- Jerdacuttup
- Coordinates: 33°43′S 120°28′E﻿ / ﻿33.71°S 120.47°E
- Country: Australia
- State: Western Australia
- LGA(s): Shire of Ravensthorpe;
- Location: 584 km (363 mi) ESE of Perth; 43 km (27 mi) SE of Ravensthorpe;
- Established: 1966

Government
- • State electorate(s): Roe;
- • Federal division(s): O'Connor;

Area
- • Total: 1,200.5 km^{2} (463.5 sq mi)
- Elevation: 139 m (456 ft)

Population
- • Total(s): 183 (SAL 2021)
- Postcode: 6346
Localities around Jerdacuttup
| Ravensthorpe | Munglinup | Munglinup |
| Hopetoun | Jerdacuttup | Munglinup |
|  | Southern Ocean |  |

= Jerdacuttup, Western Australia =

Jerdacuttup /ˌdʒɜːrdə'kʌtʌp/ is a small town in Western Australia 584 km east-south-east of Perth between Ravensthorpe and Hopetoun in the Goldfields–Esperance region of Western Australia. At the 2006 census, Jerdacuttup had a population of six.

John Forrest explored the area in 1870 and spelt the word as Jerdicutup; the area was later surveyed in 1875 by C Price who recorded the name of the area as Jerdicat and Verdicat.

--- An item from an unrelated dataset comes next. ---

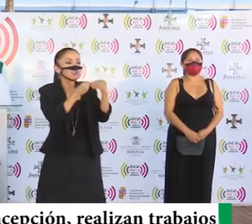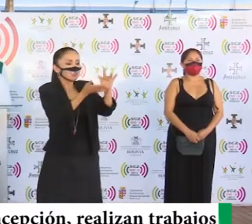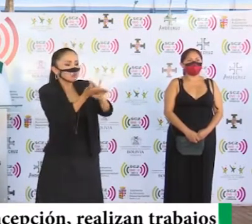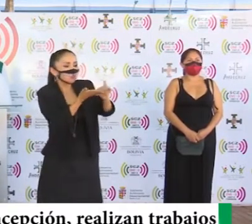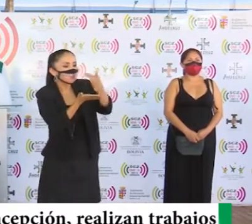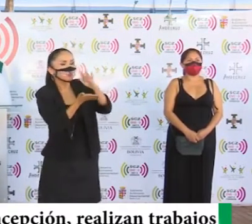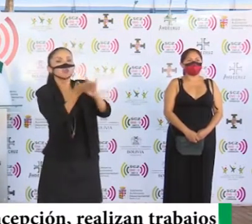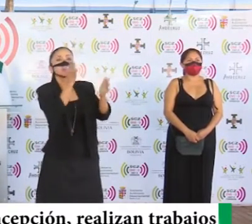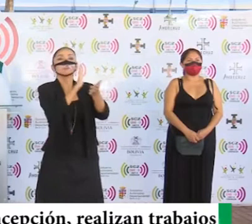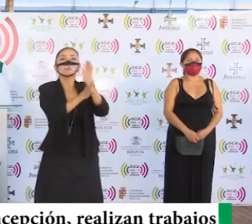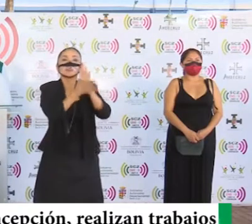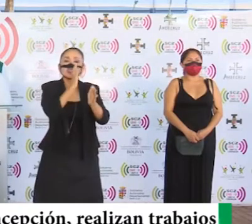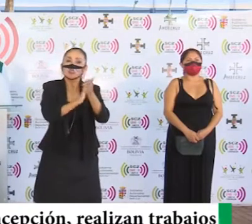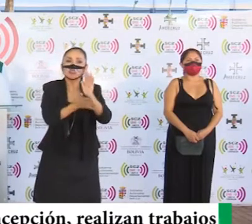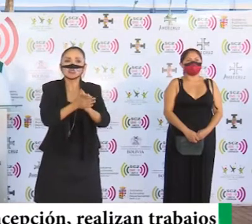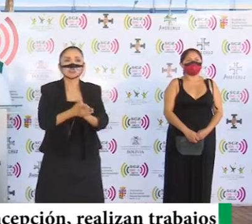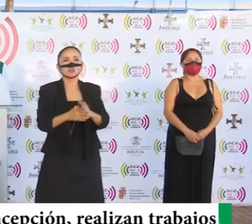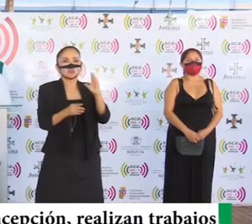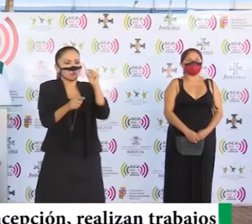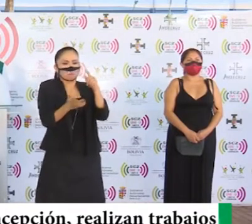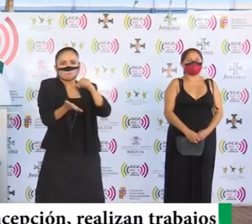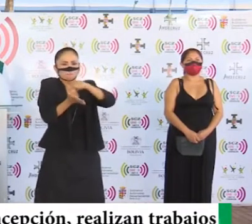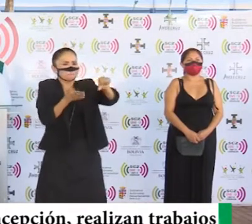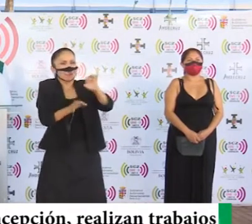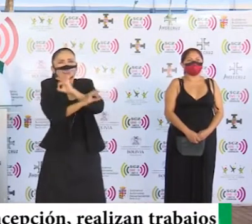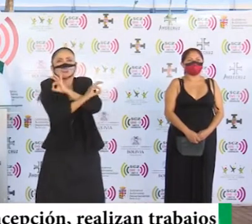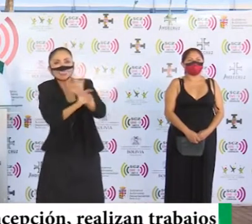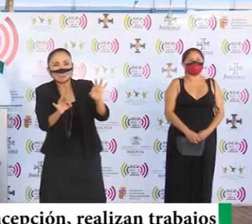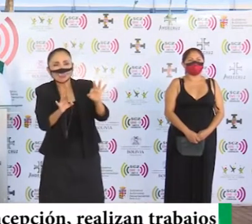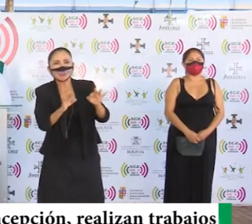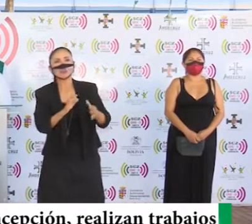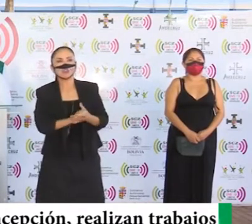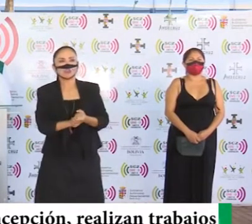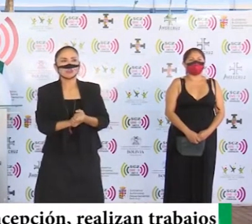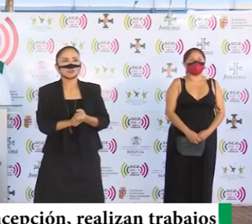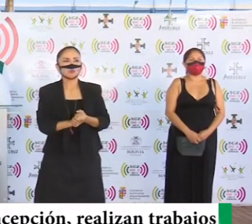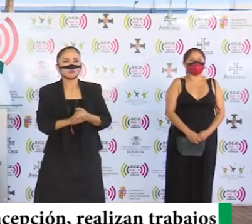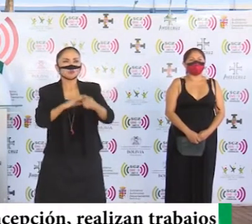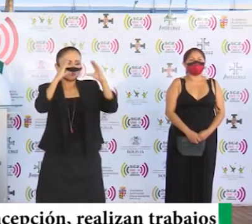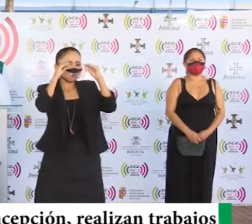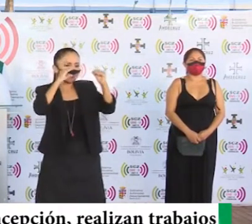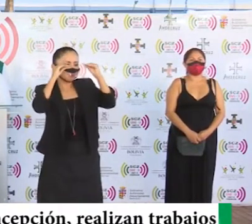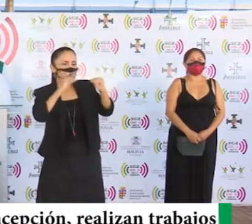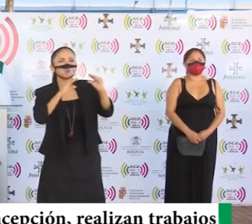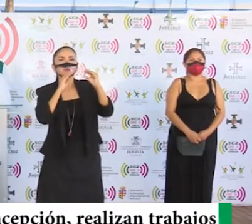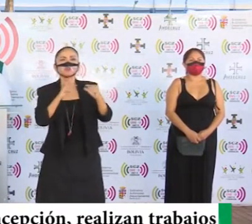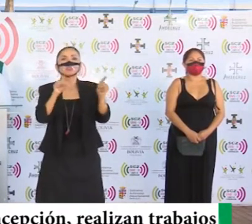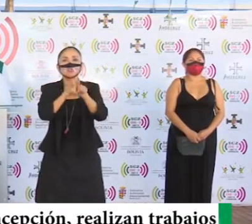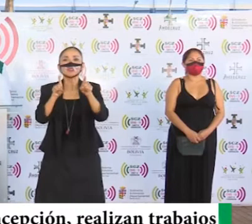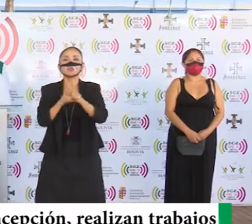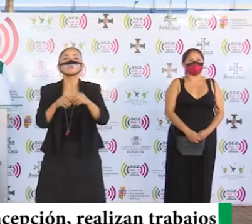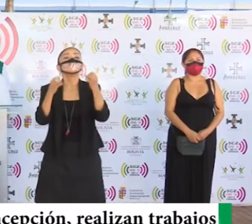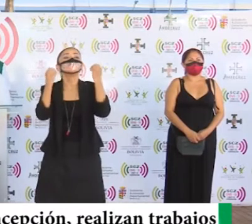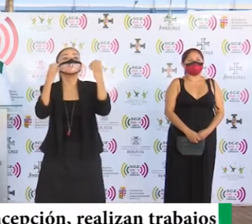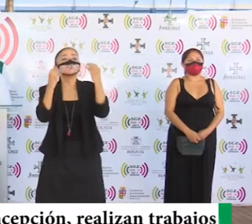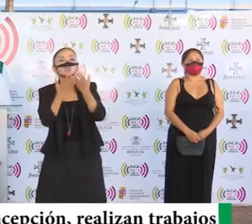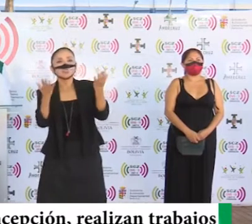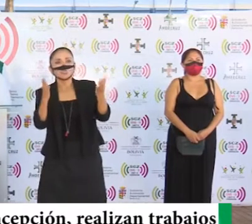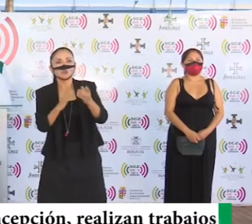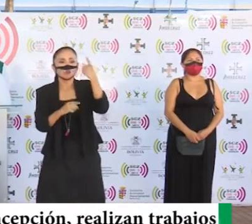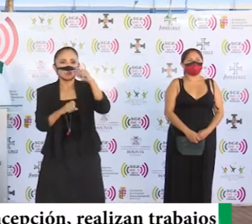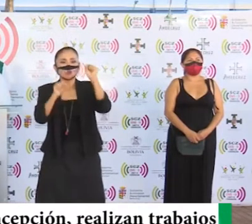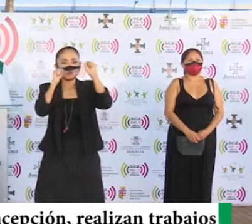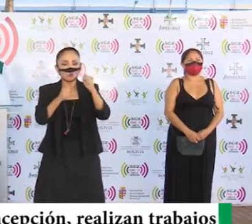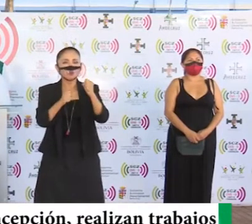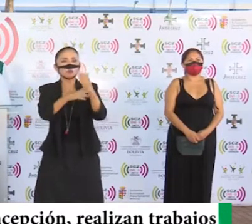medicamentos gratuitamente, no te cobra un peso y te enseño un poco de muchas cosas para
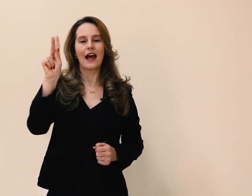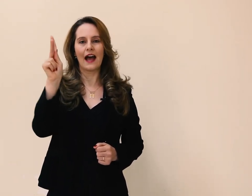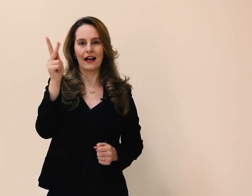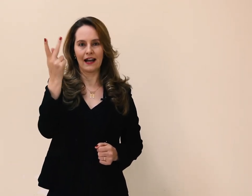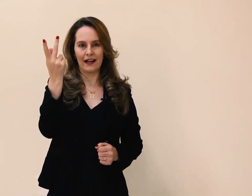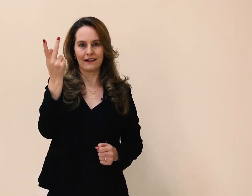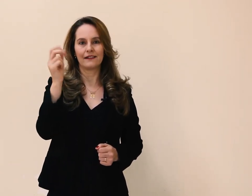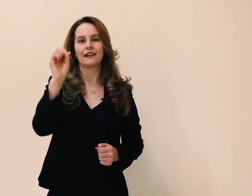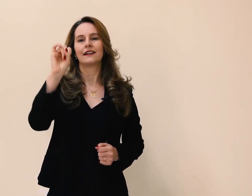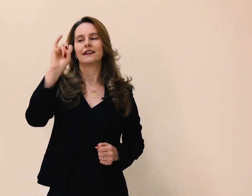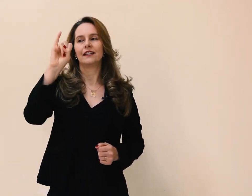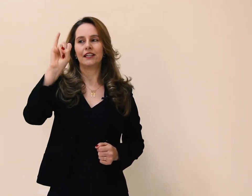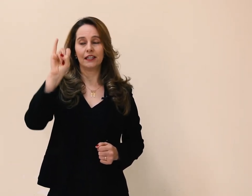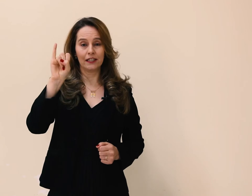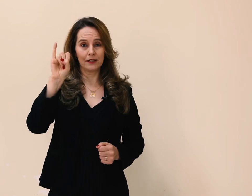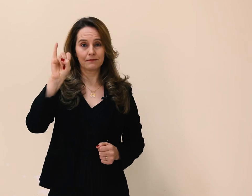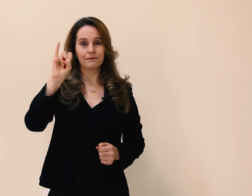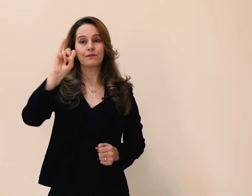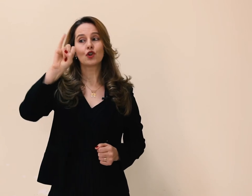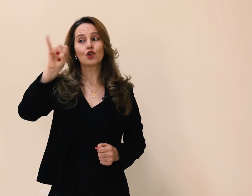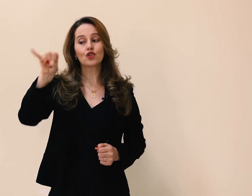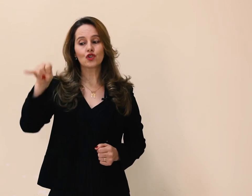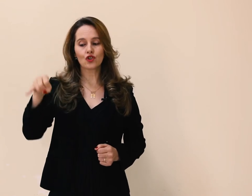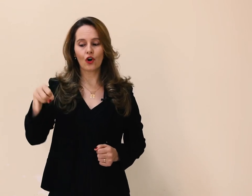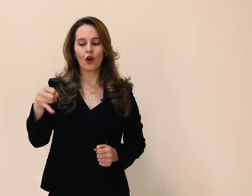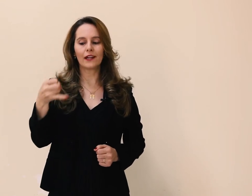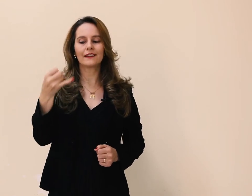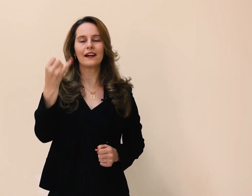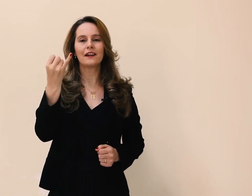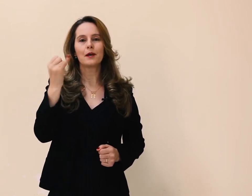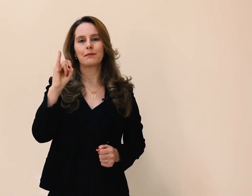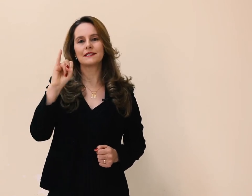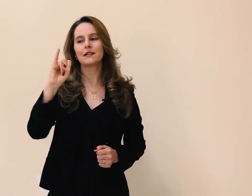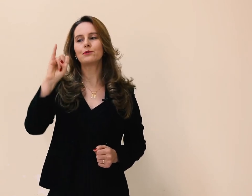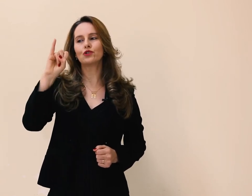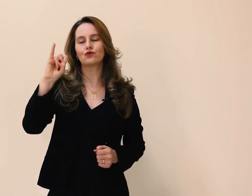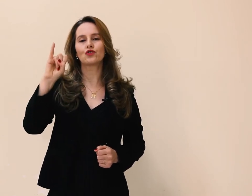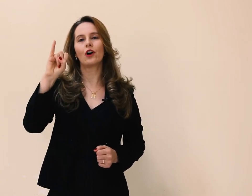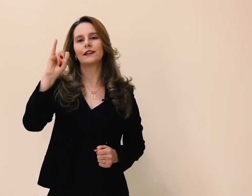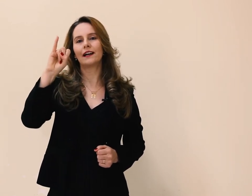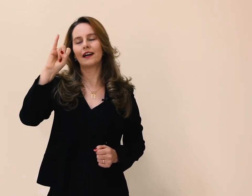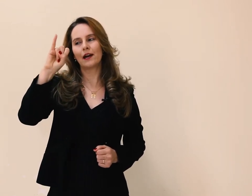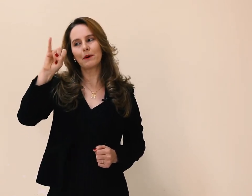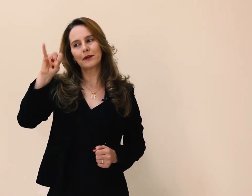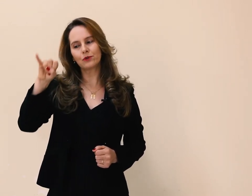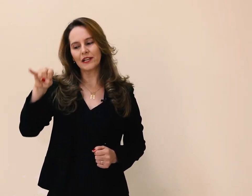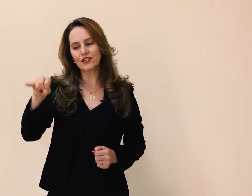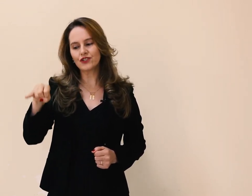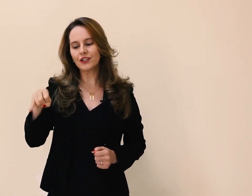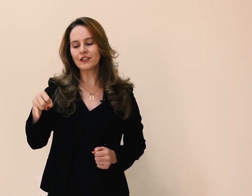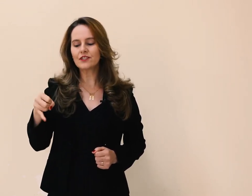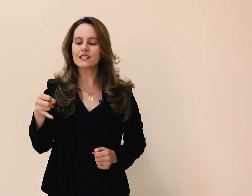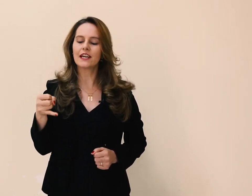H e J. Perceba que o J é uma mergulhadinha e que você

Jerdacuttup is an Aboriginal word of unknown meaning.

During the 1960s the south-east of Western Australia was opened for agricultural purposes and the town was developed as a supply centre for the region. The government gazetted the townsite in 1966. The dominant agricultural industry in the area is sheep grazing and cereal cropping with cattle grazing and lupin cropping to a lesser extent. The town is no longer a receival site for Cooperative Bulk Handling.

The Jerdacuttup River is situated about 16 km to the west of the townsite.

Australian underground band The Triffids referenced the town in the song "Jerdacuttup Man", from the album Calenture.